Ask HN: Switching from Python to Java Dev. - amrx431
Background: For 3 and half years out of school I joined a startup that uses Python. Now I am kind of bored and also the future of the startup doesn&#x27;t seem so bright. I researched the market and most Python openings are either for Django or AI|ML. Now at the startup I didn&#x27;t work on either of these. Considering purely job opportunities and pay should I learn Java along with Spring Boot? Investing in AI, ML seems to be exhaustive and I dont know the prejudice that may exist while hiring AI, ML software developer(preference for masters and PhD candidates). What would you guys recommend solely on the basis of opportunities and renumeration. Side note: I started React couple of months back. I am open to suggestions other than Java.
======
mg794613
Somebody please correct me if I'm wrong. but, Java has been the main language
for years now so it might seem a safe bet. Everybody coming out of IT
education is forced to learn Java for that reason.

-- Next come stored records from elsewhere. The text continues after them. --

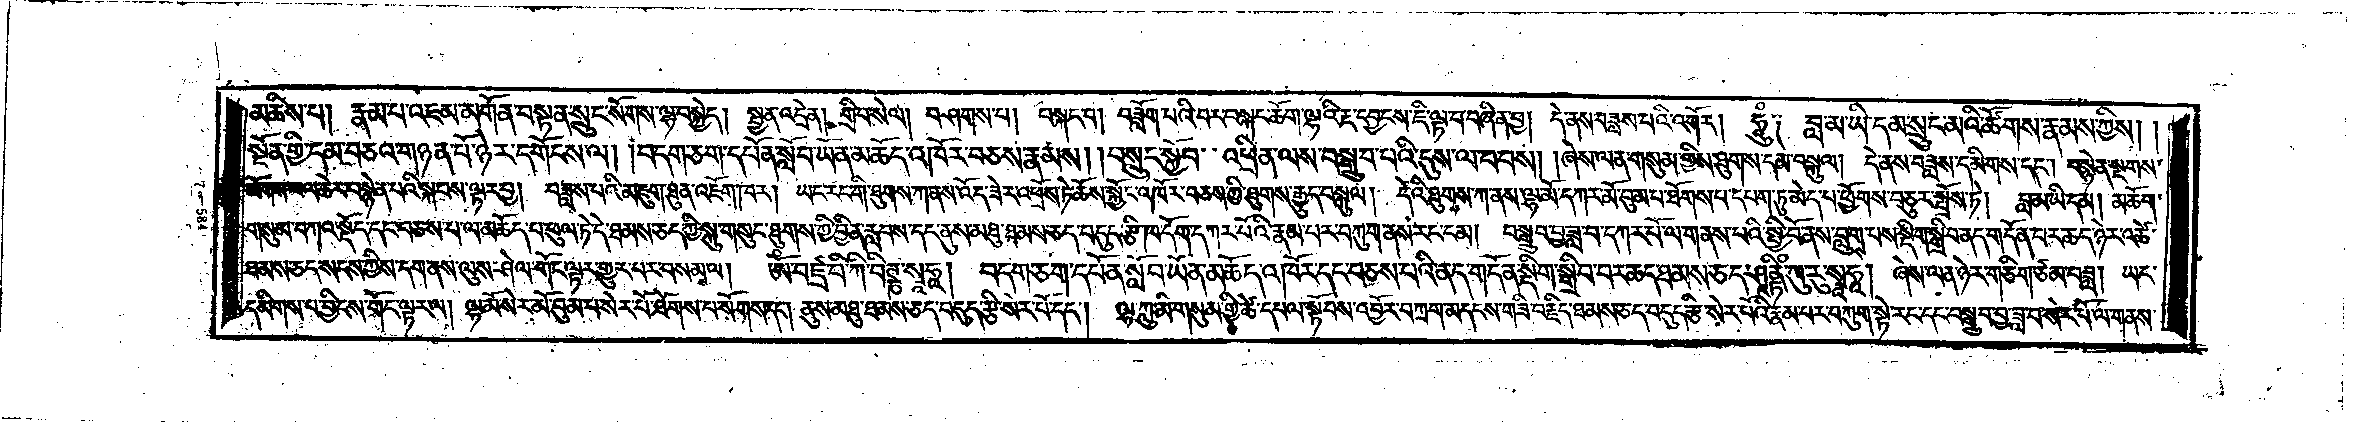མཆིས་པ། རྣམ་པ་འཇམ་མགོན་བསྟན་སྲུང་སོགས་ལྷ་བསྐྱེད། སྤྱན་འདྲེན། གྲིབ་སེལ། བཤགས་པ། བསྐང་བ། བཟློག་པའི་བར་བསྐང་ཆོག་ལྷའི་རྔ་དབྱངས་ཇི་ལྟ་བ་བཞིན་བྱ། དེ་ནས་བཟླས་པའི་འགོར། ཧཱུཾ༑ བླ་མ་ཡི་དམ་སྲུང་མའི་ཚོགས་རྣམས་ཀྱིས།།
སྔོན་གྱི་དམ་བཅའ་གཉན་པོ་ཉེར་དགོངས་ལ། །བདག་ཅག་དཔོན་སློབ་ཡོན་མཆོད་འཁོར་བཅས་རྣམས། །བསྲུང་སྐྱོབ་འཕྲིན་ལས་བསྒྲུབ་པའི་དུས་ལ་བབས། །ཞེས་ལན་གསུམ་གྱིས་ཐུགས་དམ་བསྐུལ། དེ་ནས་བཟླས་དམིགས་དང་། བསྙེན་སྔགས་
སོགས་ཕལ་ཆེར་བསྙེན་པའི་སྐབས་ལྟར་བྱ། བཟླས་པའི་མཇུག་ཐུན་འཇོག་ཁར། ཡང་རང་གི་ཐུགས་ཀ་ནས་འོད་ཟེར་འཕྲོས་ཏེ་ཆོས་སྐྱོང་འཁོར་བཅས་ཀྱི་ཐུགས་རྒྱུད་བསྐུལ། དེའི་ཐུགས་ཀ་ནས་ལྷ་མོ་དཀར་མོ་བུམ་པ་ཐོགས་པ་དཔག་ཏུ་མེད་པ་ཕྱོགས་བཅུར་སྤྲོས་ཏེ། བླ་མ་ཡི་དམ། མཆོག་
གསུམ་བཀའ་སྡོད་དང་བཅས་པ་ལ་མཆོད་པ་ཕུལ་ཏེ་དེ་ཐམས་ཅད་ཀྱི་སྐུ་གསུང་ཐུགས་ཀྱི་བྱིན་རླབས་དང་ནུས་མཐུ་ཐམས་ཅད་བདུད་རྩི་ཁ་དོག་དཀར་པོའི་རྣམ་པར་བཀུག་ནས་རང་ངམ། བསྒྲུབ་བྱ་ཟླ་བ་དཀར་པོ་ལ་གནས་པའི་སྤྱི་བོ་ནས་བླུགས་པས་སྡིག་སྒྲིབ་ནད་གདོན་པར་ཆད་ཉེར་འཚེ་
ཐམས་ཅད་སངས་རྒྱས་ཀྱིས་དག་ནས་ལུས་ཤེལ་གོང་ལྟར་གྱུར་བར་བསམས་ལ། ཨོཾ་བཛྲ་བི་ཀི་བིཊྞ་སྭཱཧཱ། བདག་ཅག་དབོན་སློབ་ཡོན་མཆོད་འཁོར་དང་བཅས་པའི་ནད་གདོན་སྡིག་སྒྲིབ་བར་ཆད་ཐམས་ཅད་ཤཱིནྟཾ་ཀུ་རུ་སྭཱཧཱ། ཞེས་ལན་ཉེར་གཅིག་ཙམ་བཟླ། ཡང་
དམིགས་བ་བྱིངས་གོང་ལྟར་ལ། ལྷ་མོ་སེར་མོ་བུམ་པོ་ཐོགས་པ་སོགས་དང་། ནུས་མཐུ་ཐམ་ཅད་བདུད་རྩི་སེར་པོ་དང་། ལྷ་ཀླུ་མི་གསུམ་གྱི་ཚེ་དཔལ་སྟོབས་འབྱོར་བཀྲག་མདངས་གཟི་བརྗིད་ཐམས་ཅད་བདུད་རྩི་སེར་པོའི་རྣམ་པར་བཀུག་སྟེ་རང་དང་བསྒྲུབ་བྱ་ཟླ་བ་སེར་པོ་ལ་གནས་

Which means there are 13 in
a dozen people for the job. Java is also dying a bit. To my opinion it will go
into the direction of cobol. It will loose popularity with a surplus of
personnel. In about 15 years you will become valuable again for the same
reason cobol did. Someone needs to support the stacks of banks etc. that said,
python is 'just' a scripting language. So it is usually deemed 'less cool' or
less 'hardcore' than Java. I disagree with this sentiment, but can you blame
people who went into IT because of the money and now can only code on 1
language (to my opinion you need to learn as much as possible and don't stick
to one trick)? I'd say;look for what you really like to do and find a job in
that and keep learning. Because that's what successful IT people do. Keep
learning.

------
erokar
Job opportunities are heavily dependent on where you live (unless you're
willing to move), so I would research that. You might find that e.g. C# will
yield more opportunities/pay in your area.

Personally I would take Python/Django over Java/Spring any day. Python is a
much more succinct language and I find the overall developer experience to be
much more pleasant in the Python world.

------
tobltobs
Picking up enough Django skills shouldn't take long. Java/Spring will be much
more effort and you might hate it.